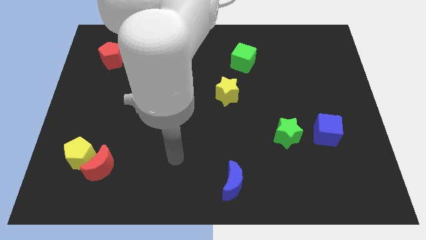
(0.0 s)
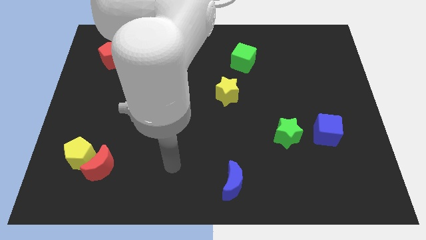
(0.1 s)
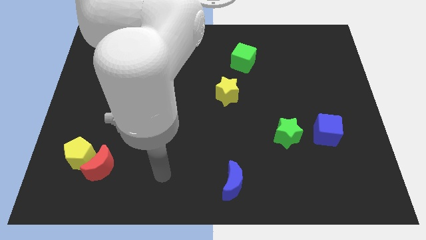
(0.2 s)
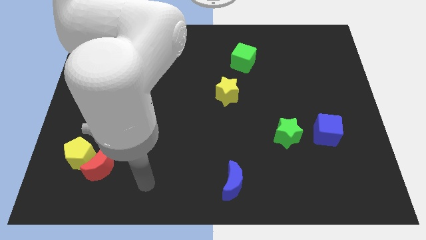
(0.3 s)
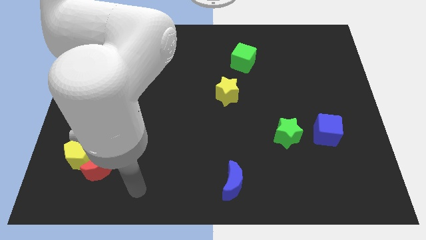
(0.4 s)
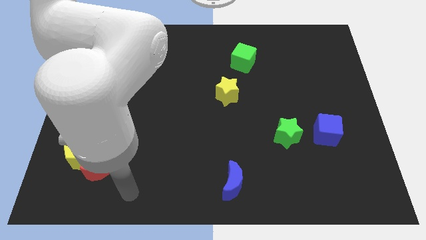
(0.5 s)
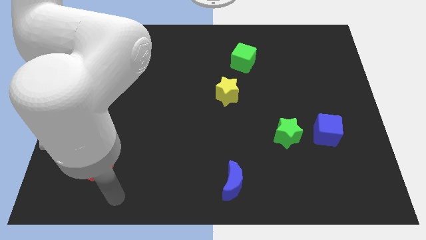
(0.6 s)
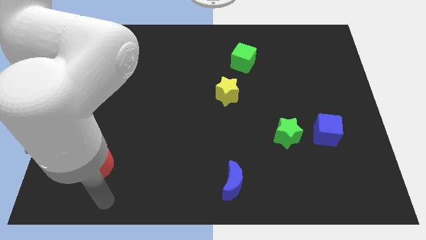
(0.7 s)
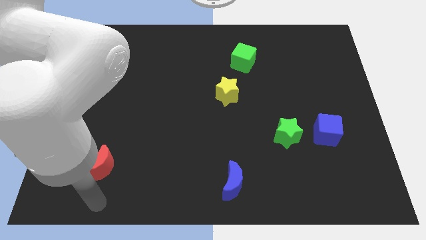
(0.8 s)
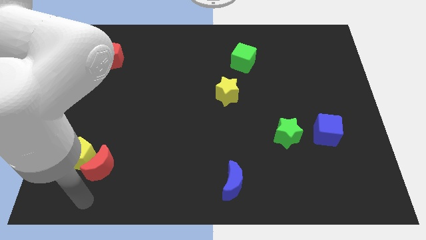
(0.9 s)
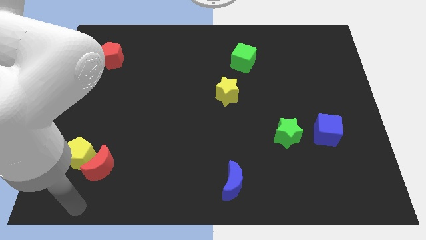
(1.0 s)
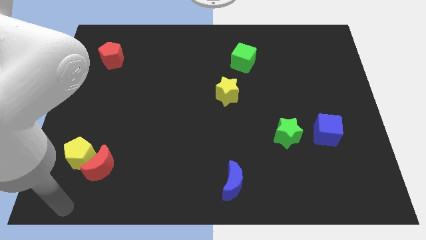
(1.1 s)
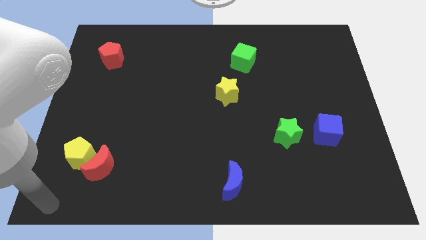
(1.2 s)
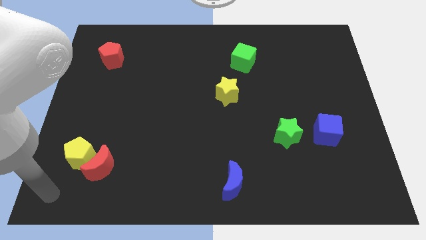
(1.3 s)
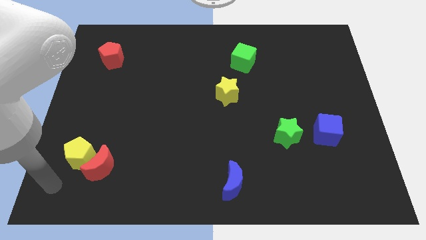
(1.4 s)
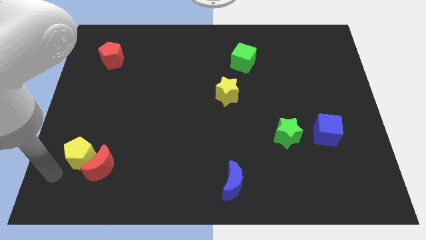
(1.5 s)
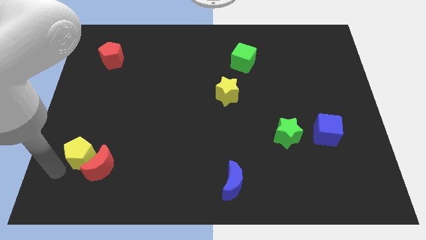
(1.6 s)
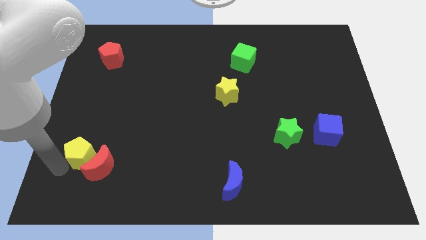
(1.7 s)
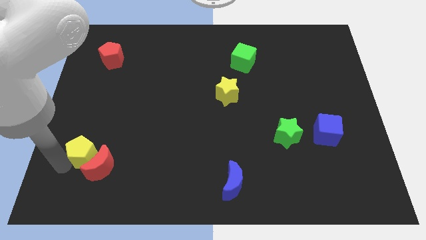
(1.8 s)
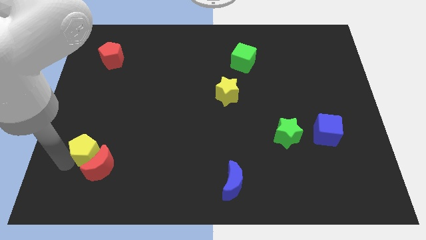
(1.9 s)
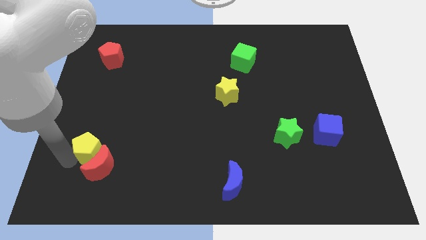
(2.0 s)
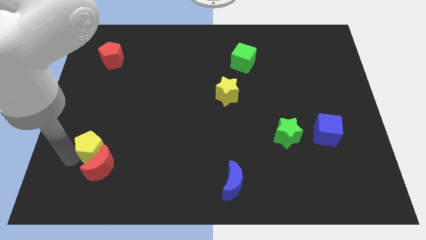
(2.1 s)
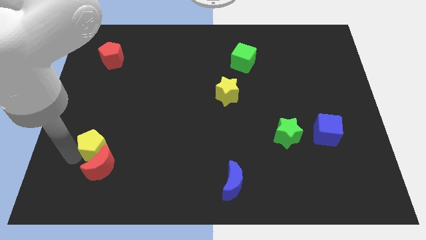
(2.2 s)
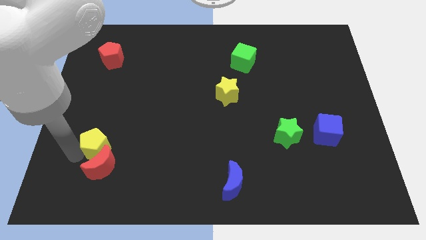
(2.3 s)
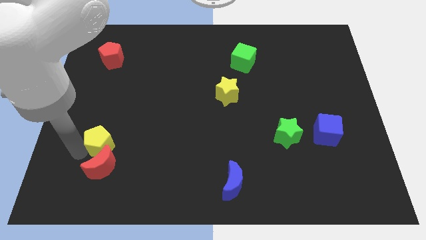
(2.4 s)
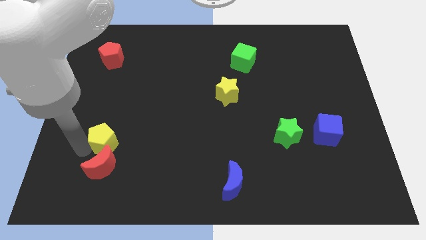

__________________________________________________

→ WHAT IS BEING ASKED:
The entries above need to be repeated word for word, minus their pictures.

→ SOLUTION TO THIS EXERCISE:
(0.0 s)
(0.1 s)
(0.2 s)
(0.3 s)
(0.4 s)
(0.5 s)
(0.6 s)
(0.7 s)
(0.8 s)
(0.9 s)
(1.0 s)
(1.1 s)
(1.2 s)
(1.3 s)
(1.4 s)
(1.5 s)
(1.6 s)
(1.7 s)
(1.8 s)
(1.9 s)
(2.0 s)
(2.1 s)
(2.2 s)
(2.3 s)
(2.4 s)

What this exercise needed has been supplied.